(Requirement): Only the lines from the line with "Two aerial photos of one place in France, from 2014" through the end of the records belong in your reply, copied exactly, with every picture left out.

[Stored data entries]
-------------------------
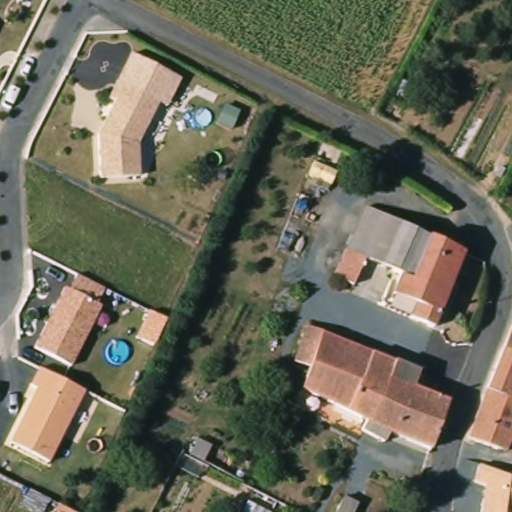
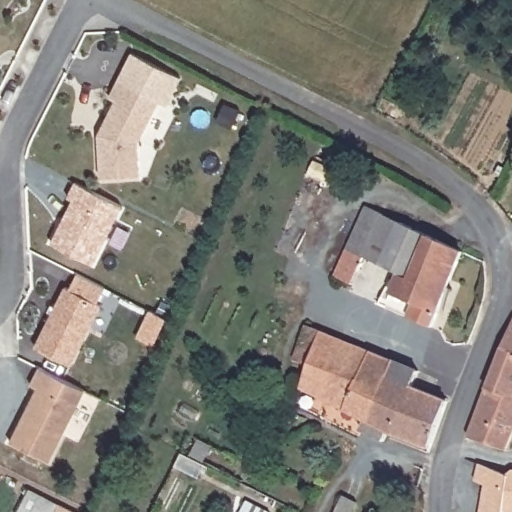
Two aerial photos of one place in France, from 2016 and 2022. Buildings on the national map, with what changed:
unchanged [(98,135),(115,100),(108,97),(131,54),(174,75),(181,79),(166,106),(159,103),(138,143),(140,175),(101,178),(98,135)]
new [(93,265),(50,244),(72,201),(67,199),(75,183),(122,206),(93,265)]
unchanged [(341,266),(349,249),(368,211),(429,241),(411,278),(368,259),(359,275),(341,266)]
unchanged [(359,275),(368,259),(411,278),(429,241),(465,259),(431,331),(431,332),(388,312),(381,308),(390,289),(359,275)]
unchanged [(35,347),(64,288),(70,289),(79,274),(104,287),(95,303),(101,305),(72,366),(35,347)]
unchanged [(343,413),(316,398),(306,393),(278,380),(287,358),(271,351),(286,317),(291,319),(296,321),(357,349),(374,356),(398,367),(391,386),(452,407),(450,411),(437,454),(412,447),(398,442),(389,438),(384,447),(361,434),(338,422),(343,413)]
unchanged [(512,345),(512,366),(505,364),(512,345)]
unchanged [(512,459),(474,445),(505,364),(512,366),(512,459)]
unchanged [(81,392),(44,463),(6,443),(34,389),(27,386),(36,368),(81,392)]
unchanged [(481,467),(509,475),(512,474),(512,512),(482,512),(487,487),(476,483),(481,467)]
unchanged [(273,512),(242,512),(252,491),(277,502),(273,512)]
unchanged [(359,512),(342,512),(346,504),(359,512)]
unchanged [(58,510),(62,512),(57,512),(58,510)]

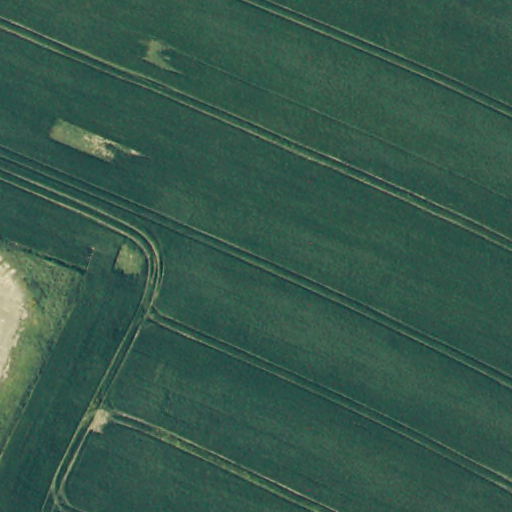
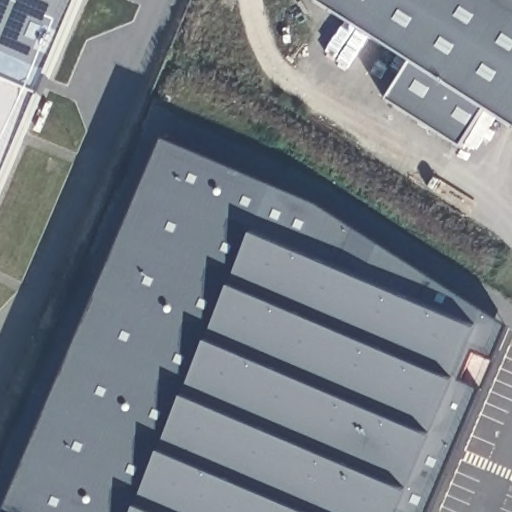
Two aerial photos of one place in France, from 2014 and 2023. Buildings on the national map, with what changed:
new [(512,128),(317,2),(318,0),(512,0),(512,128)]
new [(385,100),(410,62),(484,110),(459,147),(385,100)]
new [(41,97),(0,190),(0,79),(41,97)]
new [(3,512),(162,141),(321,209),(507,328),(427,512),(3,512)]

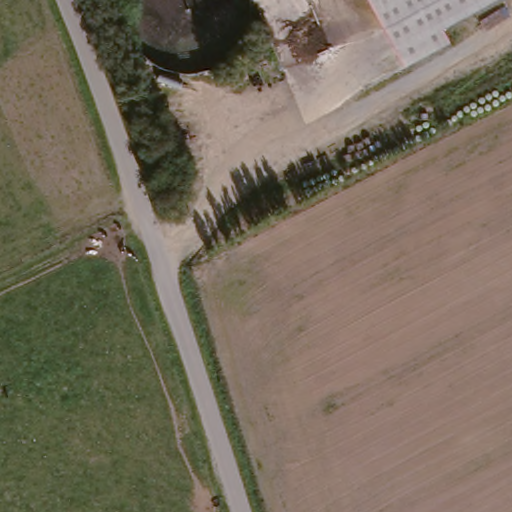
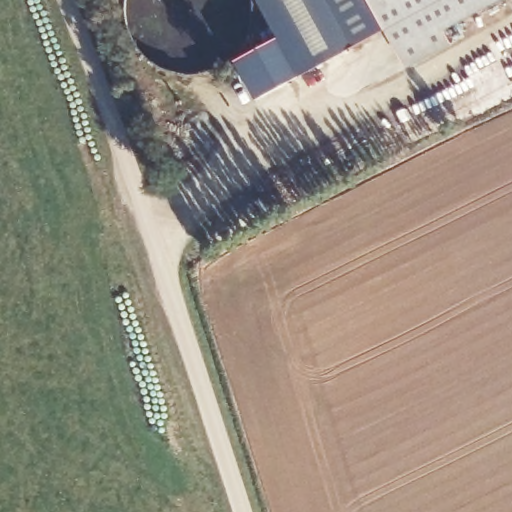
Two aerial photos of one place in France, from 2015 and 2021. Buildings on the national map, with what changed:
new [(299,77),(298,75),(255,100),(234,60),(277,36),(258,0),(373,0),(389,28),(299,77)]
unchanged [(458,41),(409,66),(373,0),(499,0),(450,26),(458,41)]
-------------------------
(Exercise answer):
Two aerial photos of one place in France, from 2014 and 2023. Buildings on the national map, with what changed:
new [(512,128),(317,2),(318,0),(512,0),(512,128)]
new [(385,100),(410,62),(484,110),(459,147),(385,100)]
new [(41,97),(0,190),(0,79),(41,97)]
new [(3,512),(162,141),(321,209),(507,328),(427,512),(3,512)]

Two aerial photos of one place in France, from 2015 and 2021. Buildings on the national map, with what changed:
new [(299,77),(298,75),(255,100),(234,60),(277,36),(258,0),(373,0),(389,28),(299,77)]
unchanged [(458,41),(409,66),(373,0),(499,0),(450,26),(458,41)]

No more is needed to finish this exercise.